* **INFORMATION**:
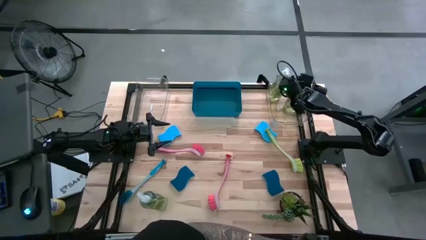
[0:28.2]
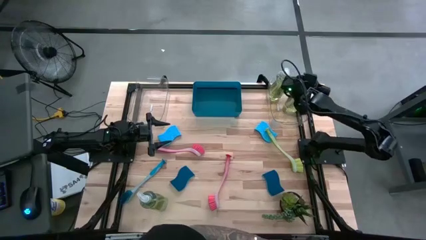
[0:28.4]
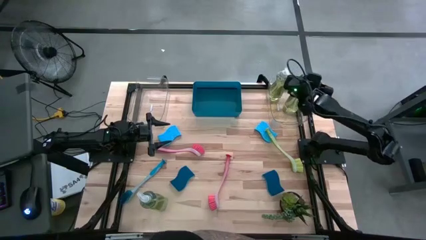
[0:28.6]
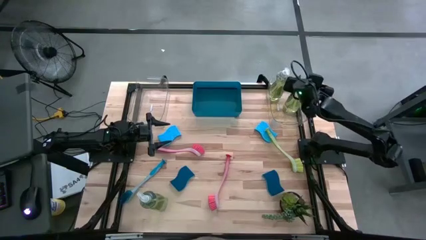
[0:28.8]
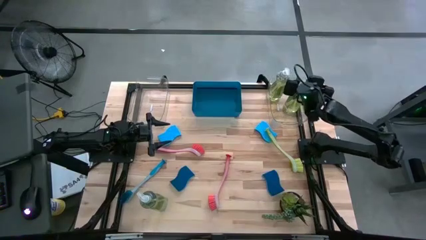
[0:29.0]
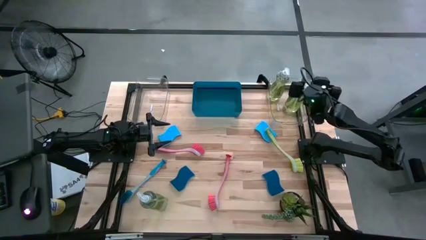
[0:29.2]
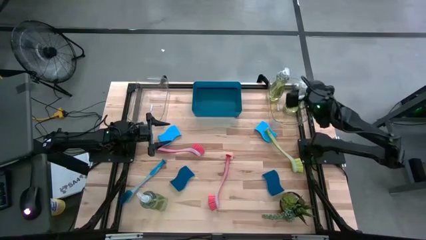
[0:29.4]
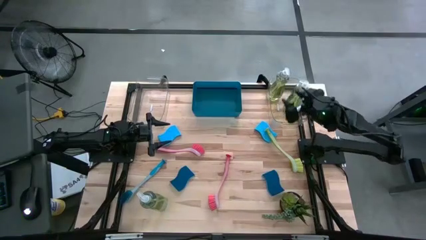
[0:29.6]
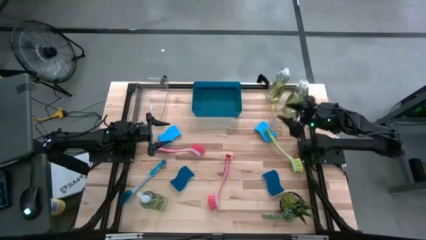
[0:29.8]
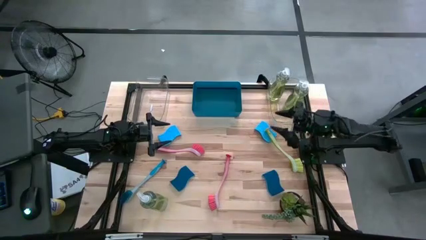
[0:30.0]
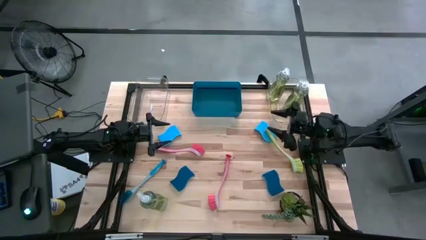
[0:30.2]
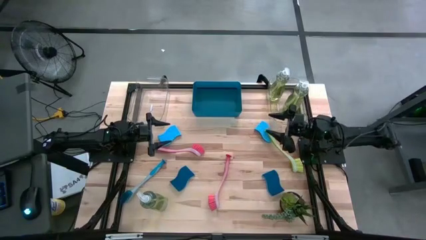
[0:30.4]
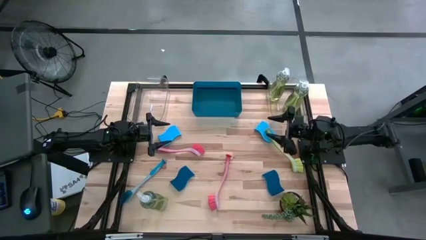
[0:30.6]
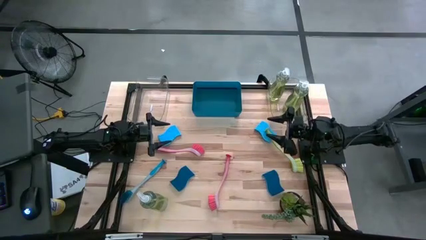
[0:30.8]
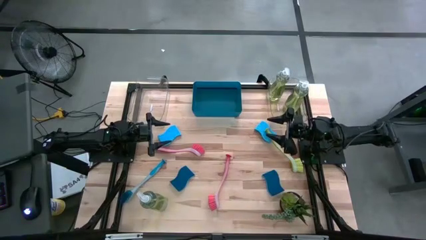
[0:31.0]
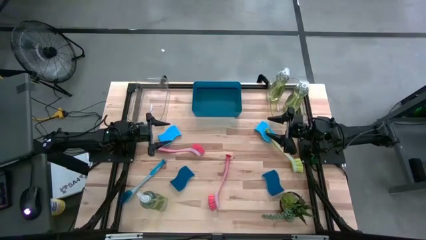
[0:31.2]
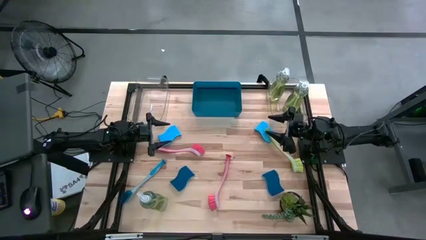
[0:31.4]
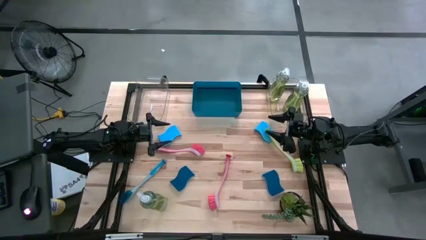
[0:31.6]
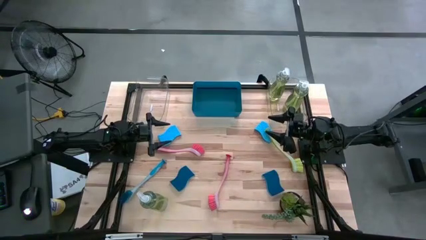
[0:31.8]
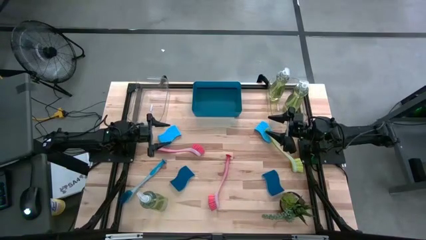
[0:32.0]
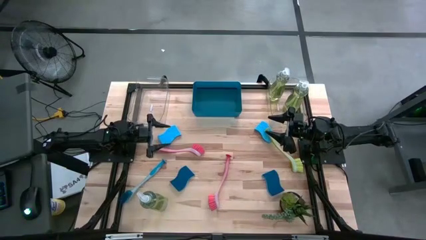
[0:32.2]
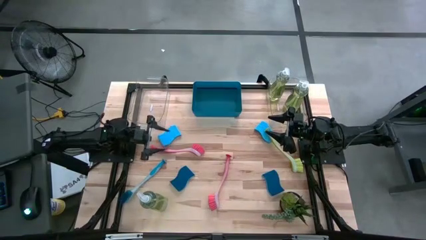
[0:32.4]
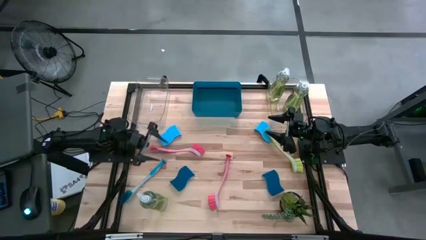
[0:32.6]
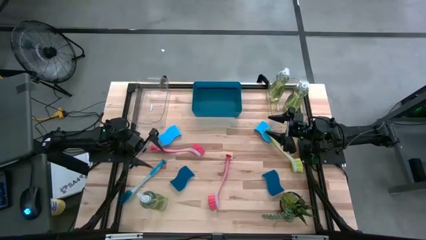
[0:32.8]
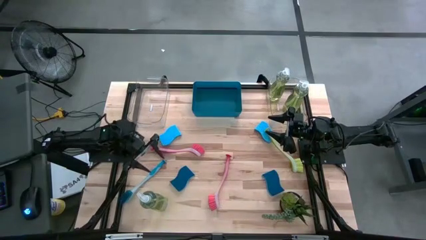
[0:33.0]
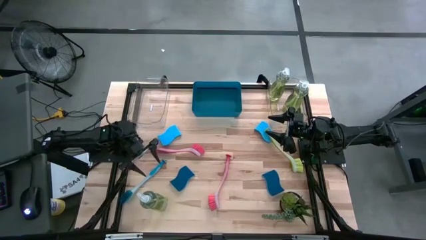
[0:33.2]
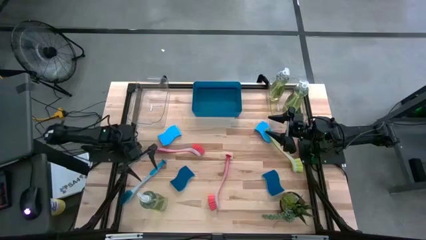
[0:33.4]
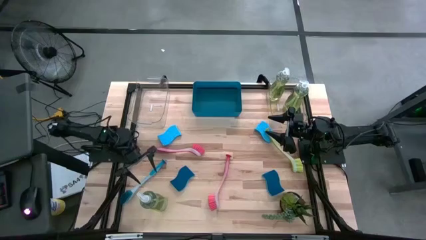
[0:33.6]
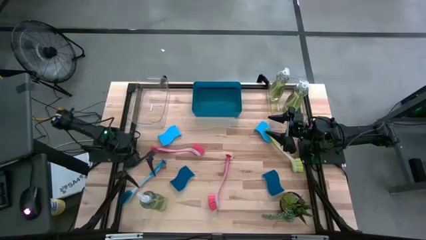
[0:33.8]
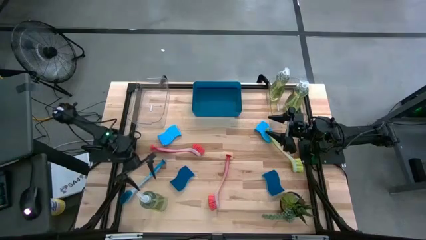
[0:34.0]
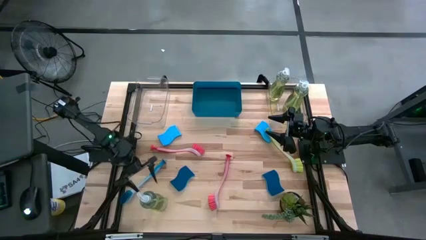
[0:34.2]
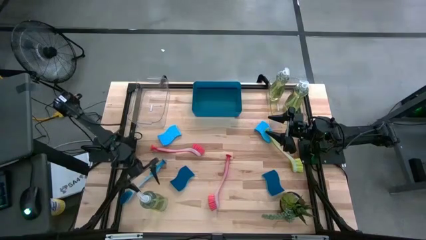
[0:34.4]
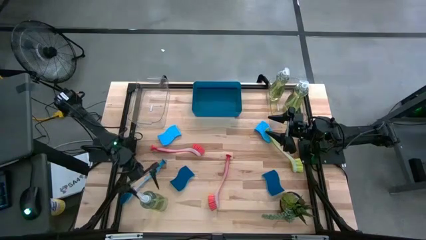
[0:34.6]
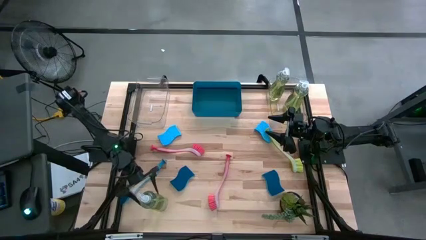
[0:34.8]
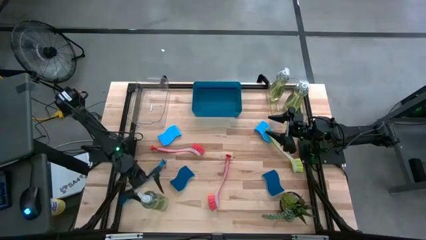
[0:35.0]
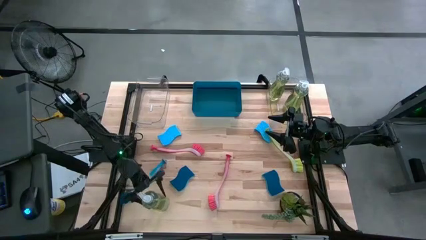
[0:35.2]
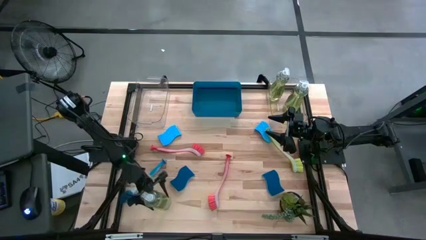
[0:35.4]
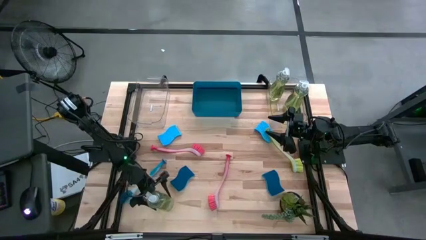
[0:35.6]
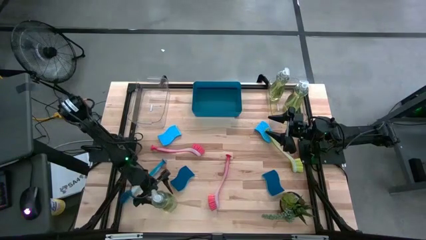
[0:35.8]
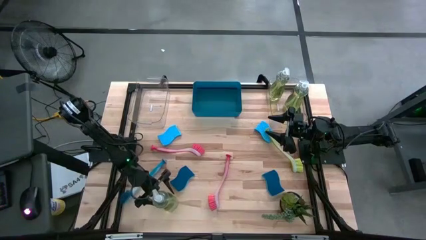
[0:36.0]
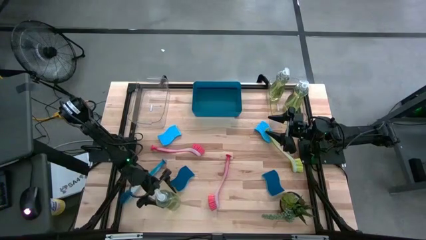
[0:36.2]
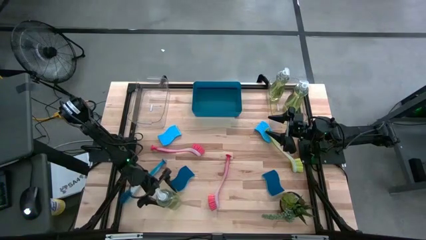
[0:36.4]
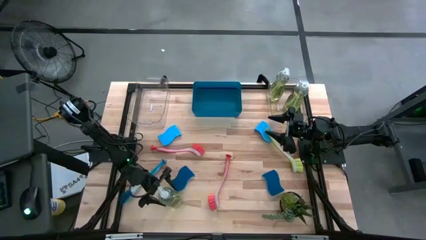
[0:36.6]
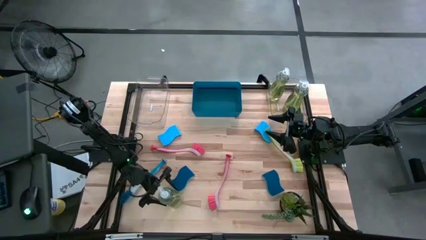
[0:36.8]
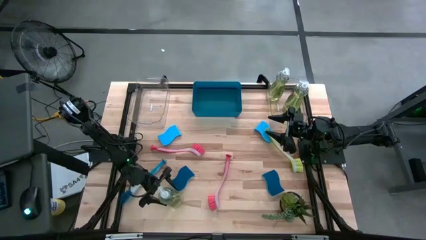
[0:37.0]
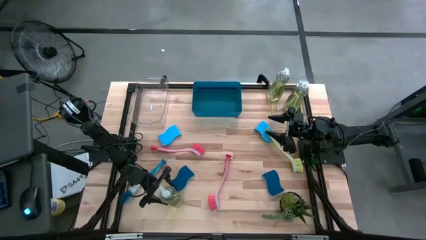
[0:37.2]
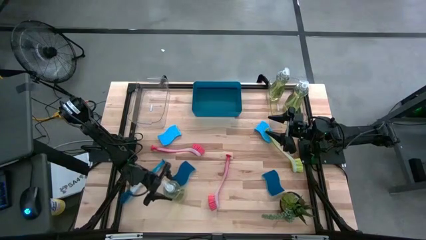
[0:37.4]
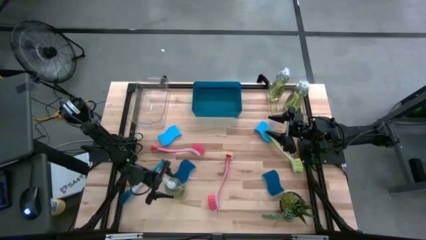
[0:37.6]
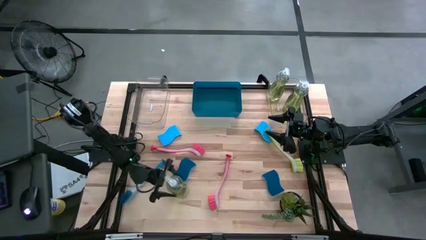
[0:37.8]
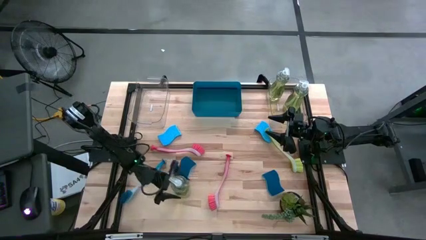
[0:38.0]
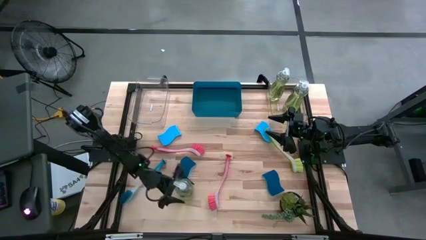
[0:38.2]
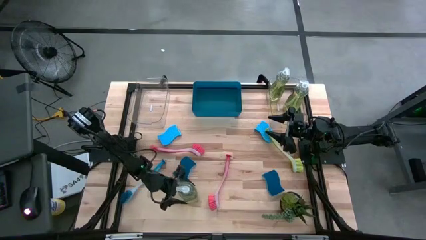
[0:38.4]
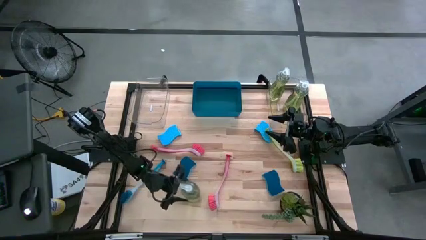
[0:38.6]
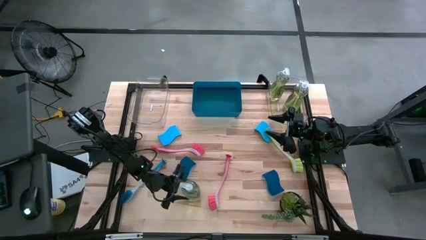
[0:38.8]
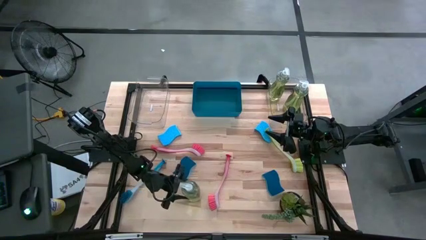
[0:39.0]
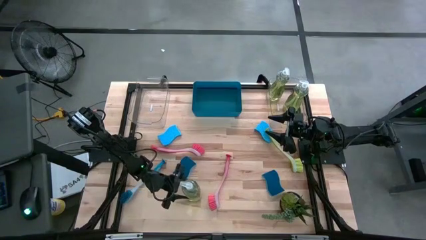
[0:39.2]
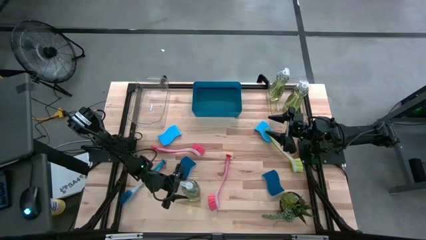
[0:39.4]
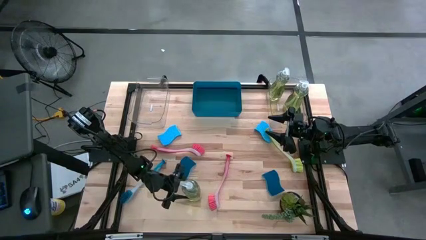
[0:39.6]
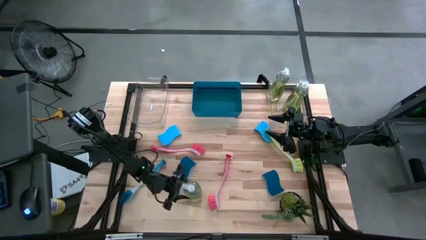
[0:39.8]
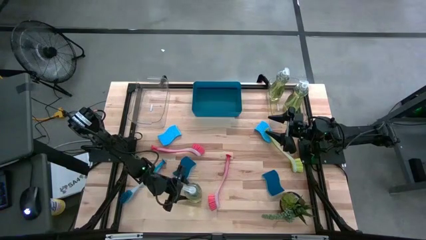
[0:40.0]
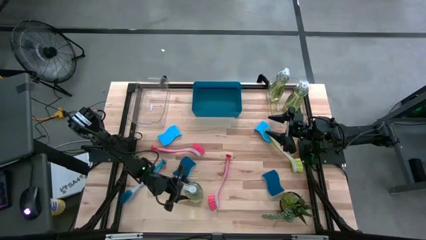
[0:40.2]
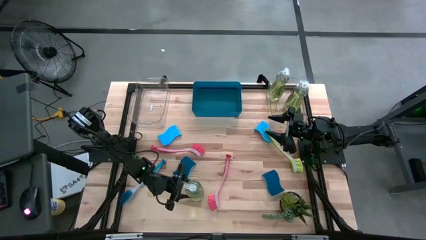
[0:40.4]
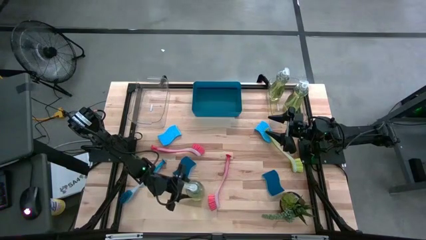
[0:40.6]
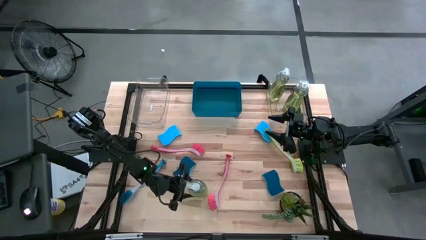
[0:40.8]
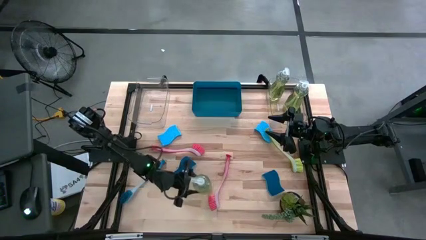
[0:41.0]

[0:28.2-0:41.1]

* **EXERCISE AIM**: Repeat the material above word for word; no images go in the copy.

* **SOLUTION**:
[0:28.2]
[0:28.4]
[0:28.6]
[0:28.8]
[0:29.0]
[0:29.2]
[0:29.4]
[0:29.6]
[0:29.8]
[0:30.0]
[0:30.2]
[0:30.4]
[0:30.6]
[0:30.8]
[0:31.0]
[0:31.2]
[0:31.4]
[0:31.6]
[0:31.8]
[0:32.0]
[0:32.2]
[0:32.4]
[0:32.6]
[0:32.8]
[0:33.0]
[0:33.2]
[0:33.4]
[0:33.6]
[0:33.8]
[0:34.0]
[0:34.2]
[0:34.4]
[0:34.6]
[0:34.8]
[0:35.0]
[0:35.2]
[0:35.4]
[0:35.6]
[0:35.8]
[0:36.0]
[0:36.2]
[0:36.4]
[0:36.6]
[0:36.8]
[0:37.0]
[0:37.2]
[0:37.4]
[0:37.6]
[0:37.8]
[0:38.0]
[0:38.2]
[0:38.4]
[0:38.6]
[0:38.8]
[0:39.0]
[0:39.2]
[0:39.4]
[0:39.6]
[0:39.8]
[0:40.0]
[0:40.2]
[0:40.4]
[0:40.6]
[0:40.8]
[0:41.0]

[0:28.2-0:41.1]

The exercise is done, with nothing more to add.